▶ _Your instructions_
A faithful copy of the entries is required, with no images in it.

Records to use below:

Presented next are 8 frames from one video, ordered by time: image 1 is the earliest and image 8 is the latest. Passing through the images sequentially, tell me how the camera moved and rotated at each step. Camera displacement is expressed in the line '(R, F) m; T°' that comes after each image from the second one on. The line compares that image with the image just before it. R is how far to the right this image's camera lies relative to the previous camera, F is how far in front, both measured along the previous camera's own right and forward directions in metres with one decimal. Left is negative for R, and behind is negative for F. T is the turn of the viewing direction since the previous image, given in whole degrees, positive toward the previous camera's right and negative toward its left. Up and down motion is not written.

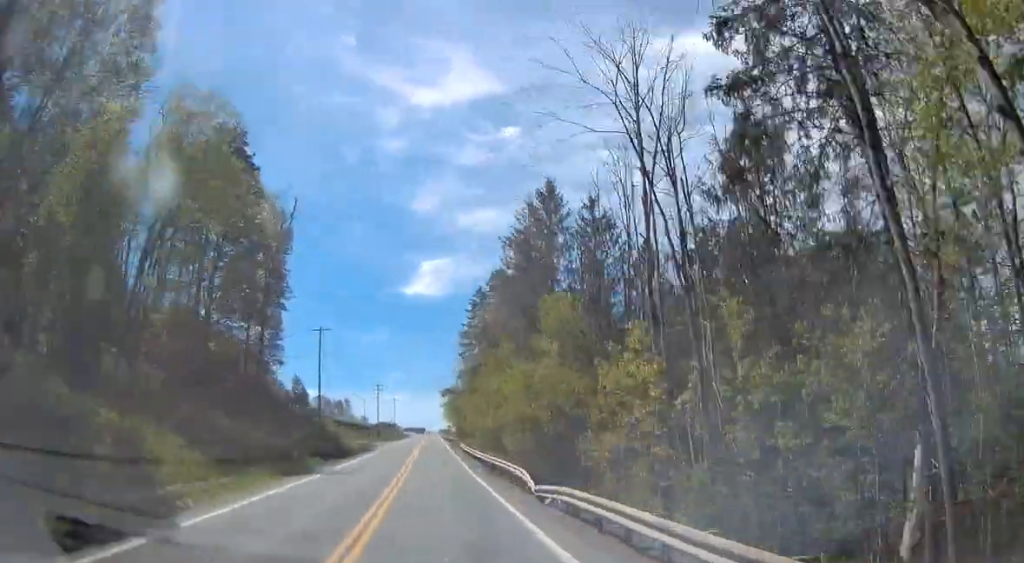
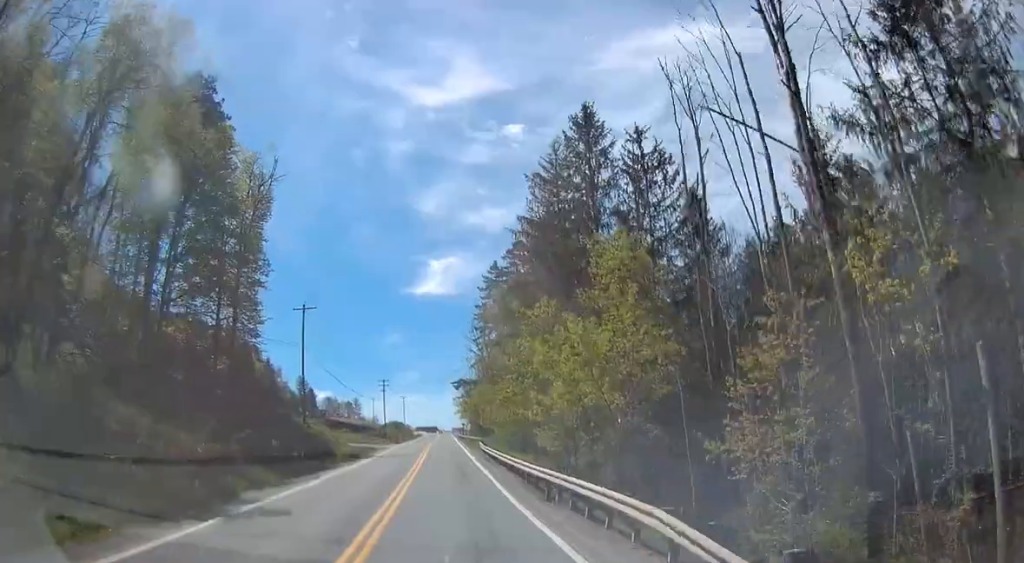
(+0.5, +13.0) m; 0°
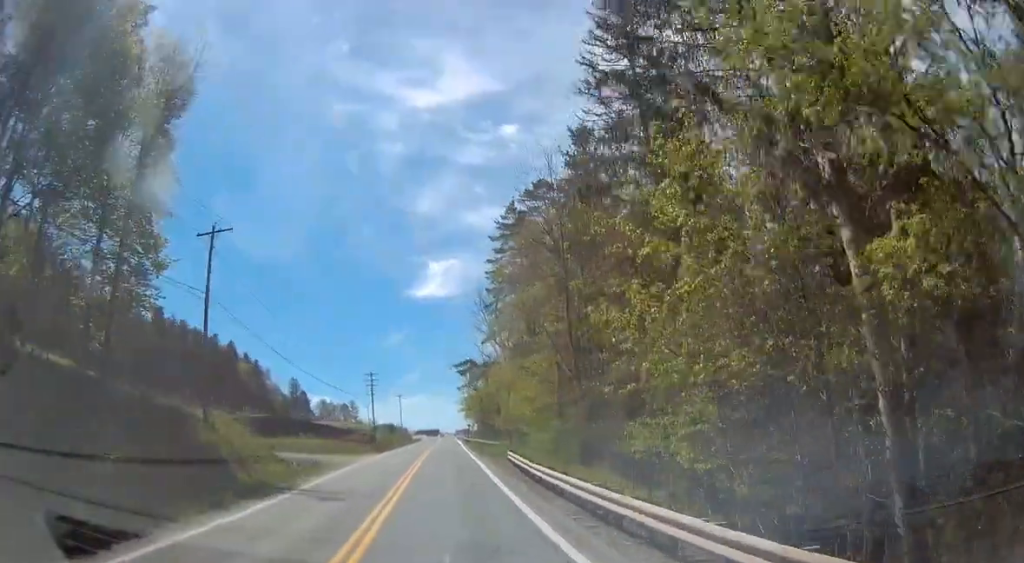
(-0.5, +23.1) m; -1°
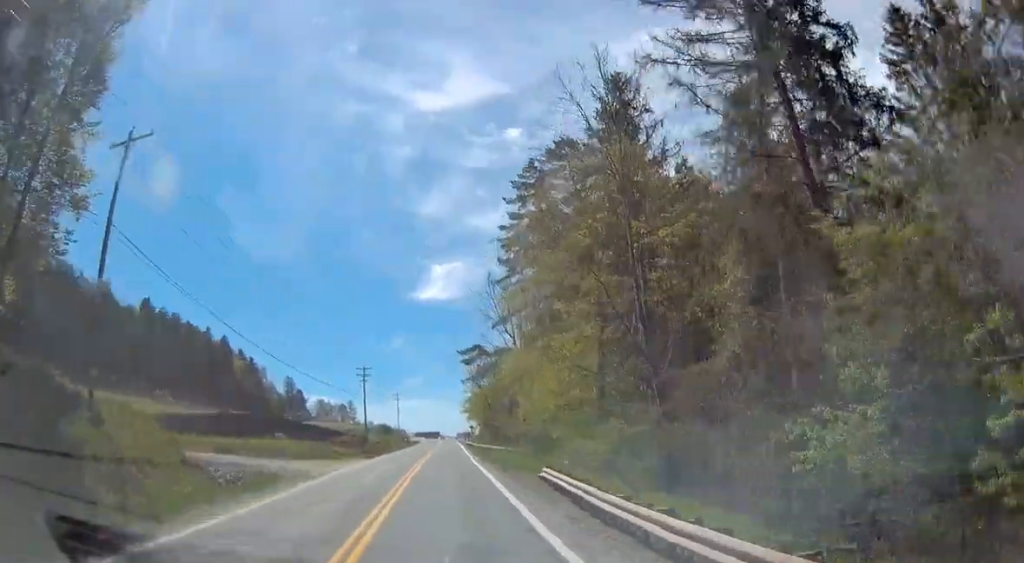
(+0.2, +11.5) m; +1°
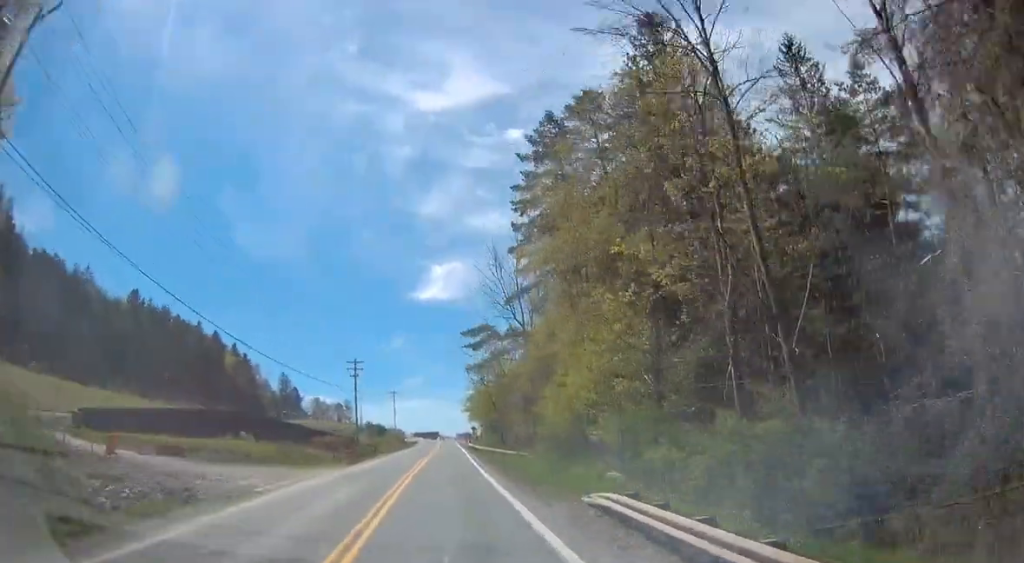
(+0.1, +8.8) m; 0°
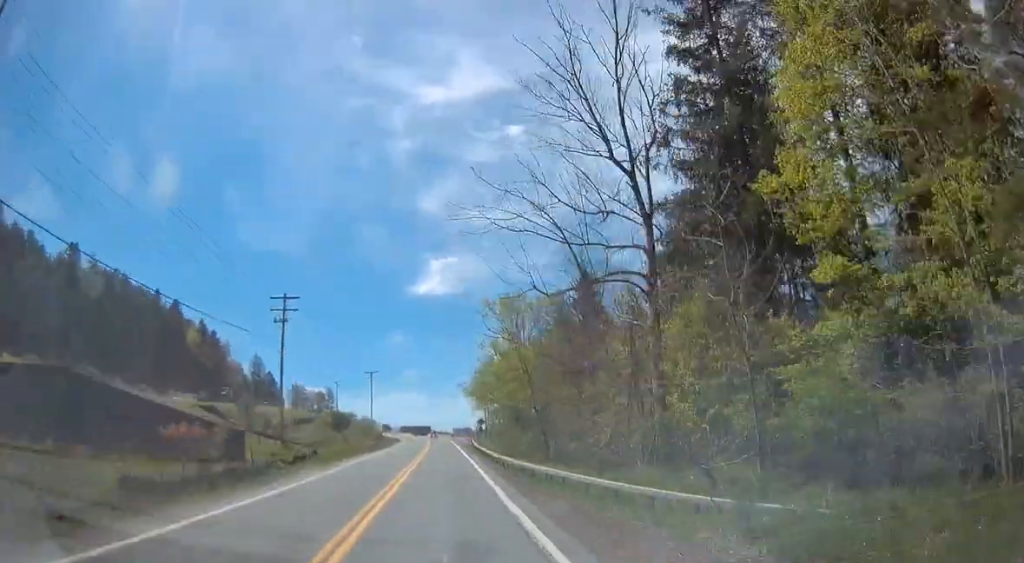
(-0.5, +37.5) m; -1°
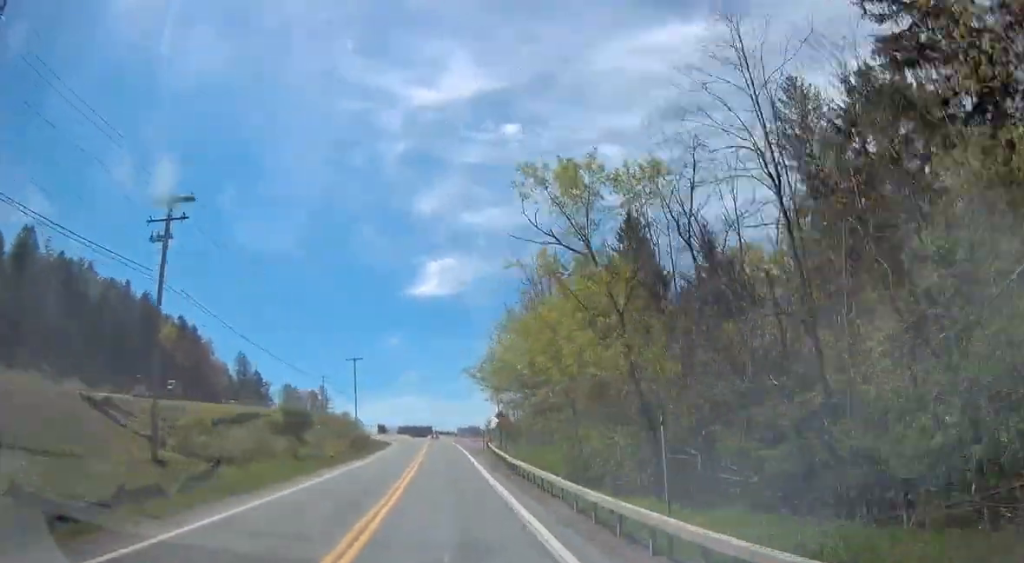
(+0.3, +22.6) m; +1°
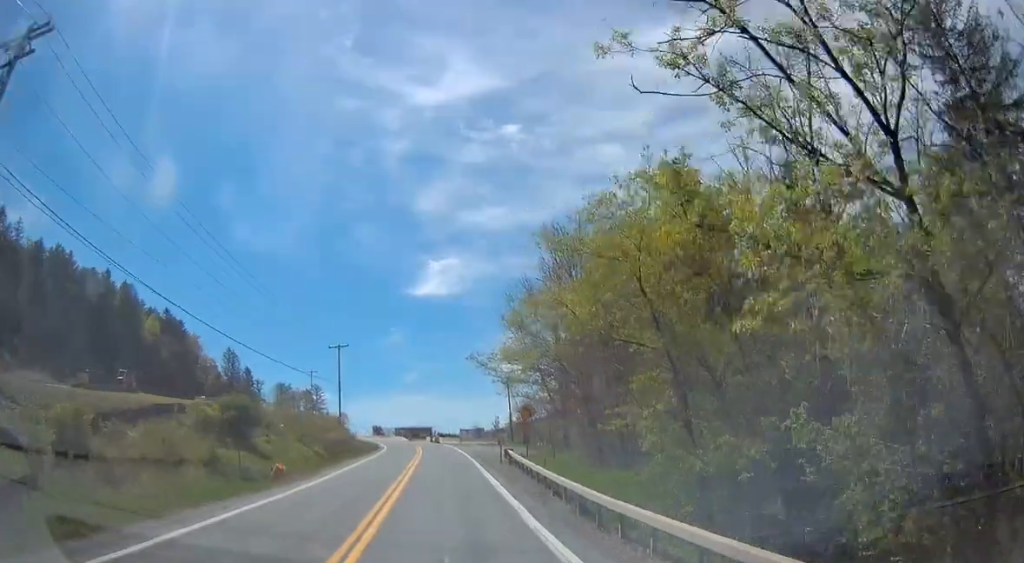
(0.0, +14.3) m; 0°

End of Records to use.

▶ _Finished exercise_
Presented next are 8 frames from one video, ordered by time: image 1 is the earliest and image 8 is the latest. Passing through the images sequentially, tell me how the camera moved and rotated at each step. Camera displacement is expressed in the line '(R, F) m; T°' that comes after each image from the second one on. The line compares that image with the image just before it. R is how far to the right this image's camera lies relative to the previous camera, F is how far in front, both measured along the previous camera's own right and forward directions in metres with one decimal. Left is negative for R, and behind is negative for F. T is the turn of the viewing direction since the previous image, given in whole degrees, positive toward the previous camera's right and negative toward its left. Up and down motion is not written.

(+0.5, +13.0) m; 0°
(-0.5, +23.1) m; -1°
(+0.2, +11.5) m; +1°
(+0.1, +8.8) m; 0°
(-0.5, +37.5) m; -1°
(+0.3, +22.6) m; +1°
(0.0, +14.3) m; 0°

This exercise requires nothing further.